Return every entry below exactly as written, minus the pictures.

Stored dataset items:
——————
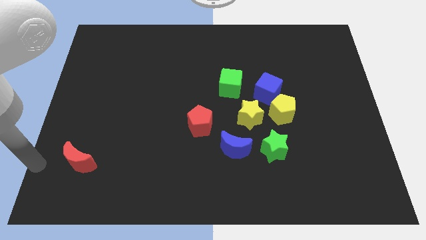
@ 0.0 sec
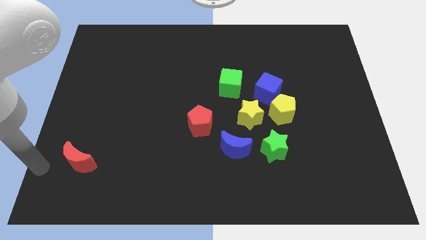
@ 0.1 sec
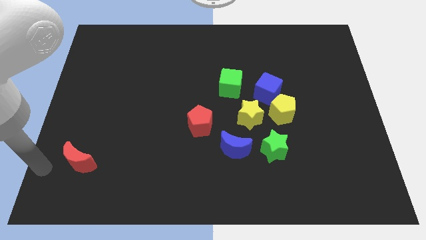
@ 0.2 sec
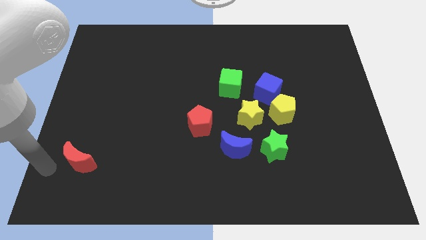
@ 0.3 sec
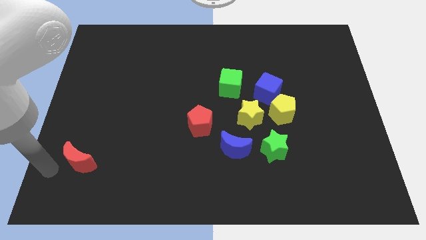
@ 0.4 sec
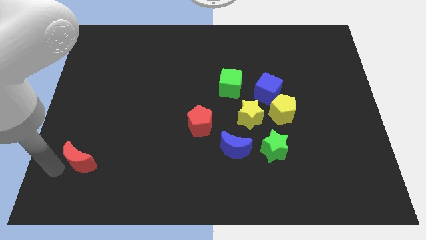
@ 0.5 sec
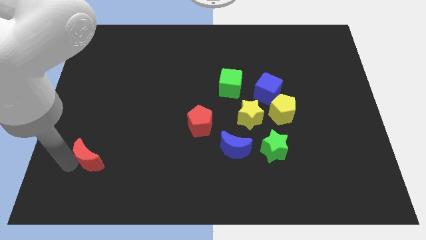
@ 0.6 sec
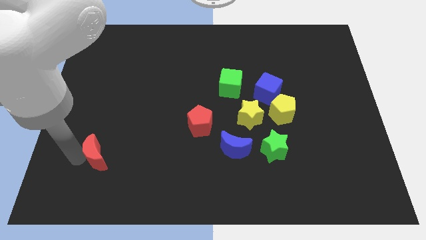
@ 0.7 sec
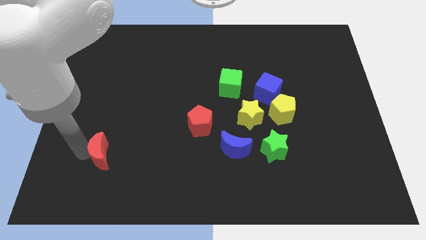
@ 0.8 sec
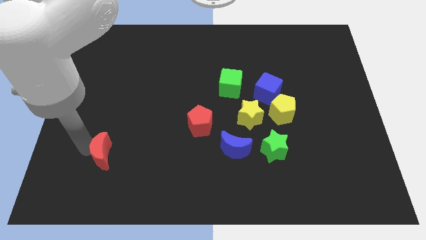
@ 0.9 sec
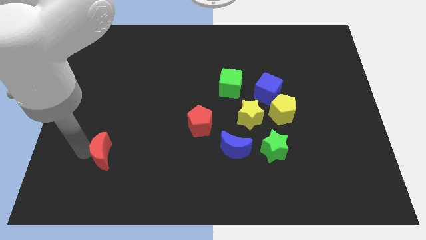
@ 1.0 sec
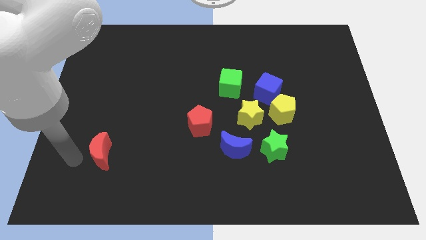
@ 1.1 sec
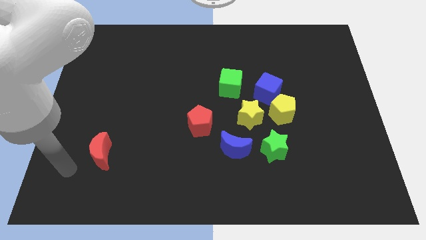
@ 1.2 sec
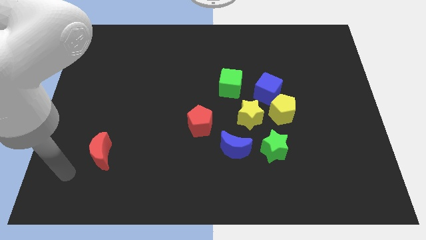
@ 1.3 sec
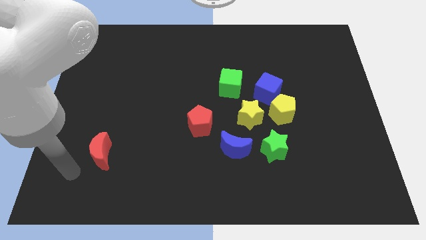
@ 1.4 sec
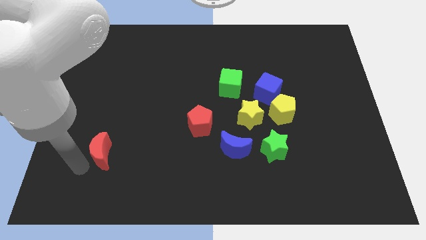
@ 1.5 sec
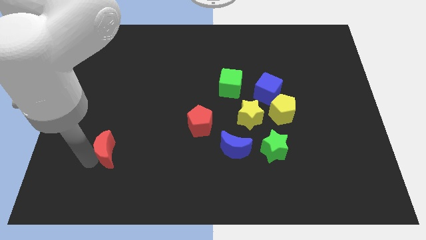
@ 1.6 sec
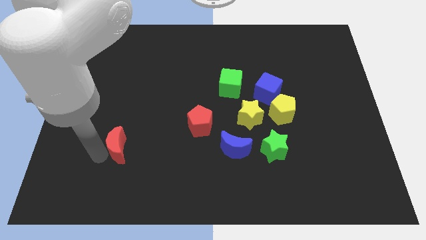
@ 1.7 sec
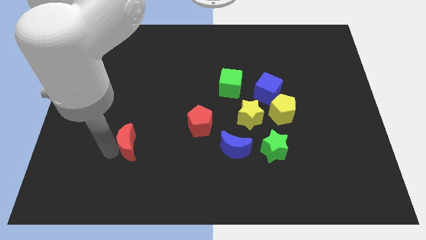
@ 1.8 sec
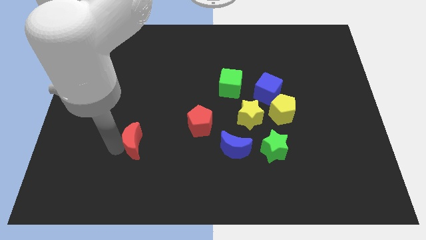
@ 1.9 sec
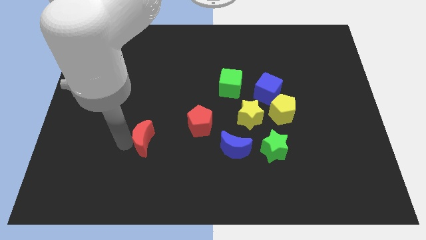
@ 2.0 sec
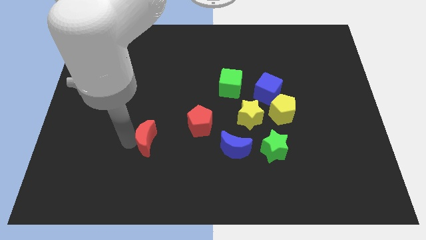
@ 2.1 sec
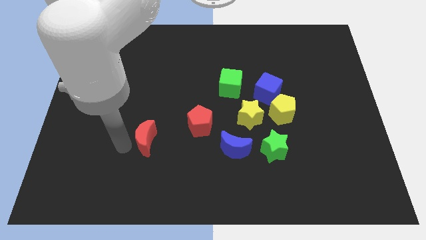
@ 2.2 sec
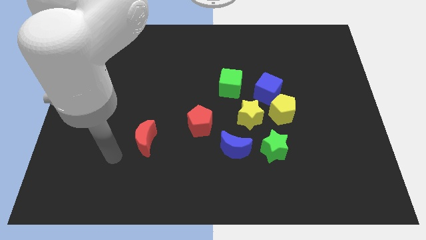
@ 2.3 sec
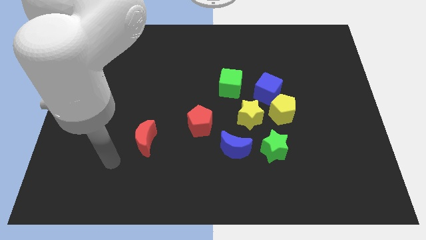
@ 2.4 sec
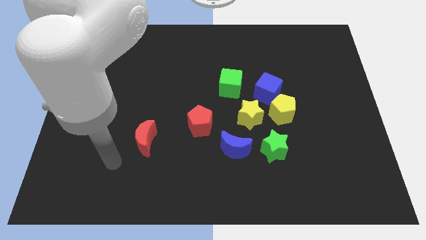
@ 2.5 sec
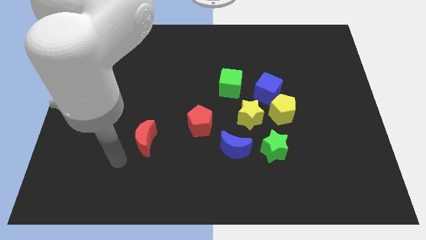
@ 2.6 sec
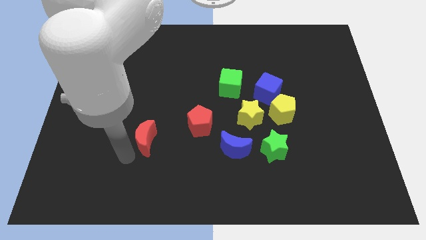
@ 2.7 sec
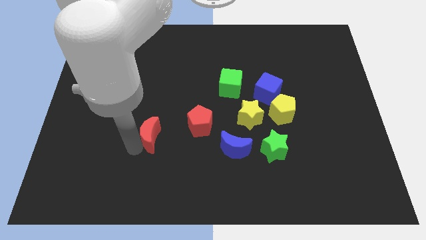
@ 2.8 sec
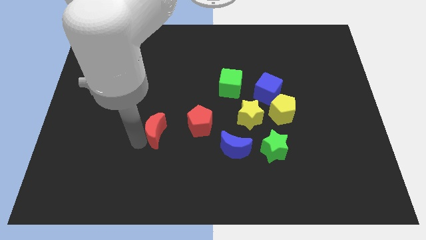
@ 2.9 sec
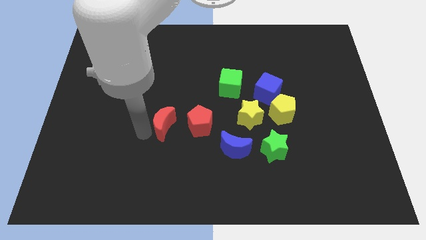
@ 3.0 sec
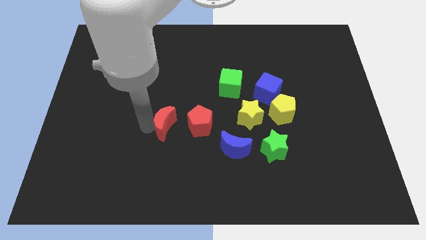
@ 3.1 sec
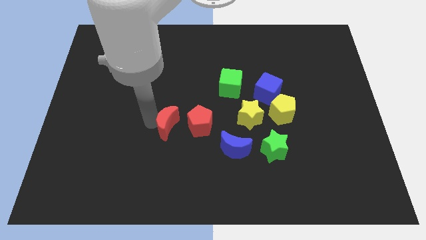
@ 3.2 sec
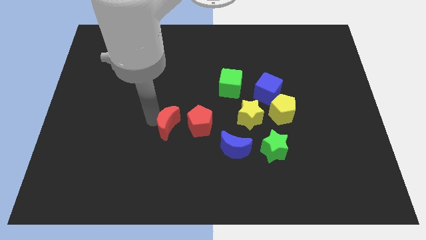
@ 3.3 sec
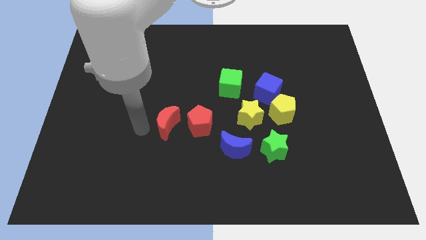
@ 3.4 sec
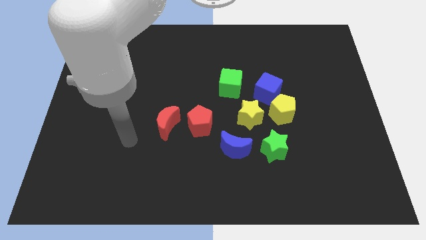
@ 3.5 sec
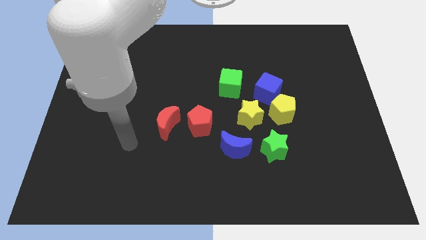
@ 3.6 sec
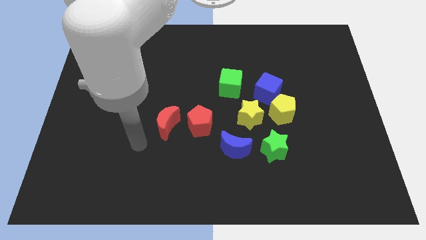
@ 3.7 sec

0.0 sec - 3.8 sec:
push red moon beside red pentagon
——————
Output:
@ 0.0 sec
@ 0.1 sec
@ 0.2 sec
@ 0.3 sec
@ 0.4 sec
@ 0.5 sec
@ 0.6 sec
@ 0.7 sec
@ 0.8 sec
@ 0.9 sec
@ 1.0 sec
@ 1.1 sec
@ 1.2 sec
@ 1.3 sec
@ 1.4 sec
@ 1.5 sec
@ 1.6 sec
@ 1.7 sec
@ 1.8 sec
@ 1.9 sec
@ 2.0 sec
@ 2.1 sec
@ 2.2 sec
@ 2.3 sec
@ 2.4 sec
@ 2.5 sec
@ 2.6 sec
@ 2.7 sec
@ 2.8 sec
@ 2.9 sec
@ 3.0 sec
@ 3.1 sec
@ 3.2 sec
@ 3.3 sec
@ 3.4 sec
@ 3.5 sec
@ 3.6 sec
@ 3.7 sec

0.0 sec - 3.8 sec:
push red moon beside red pentagon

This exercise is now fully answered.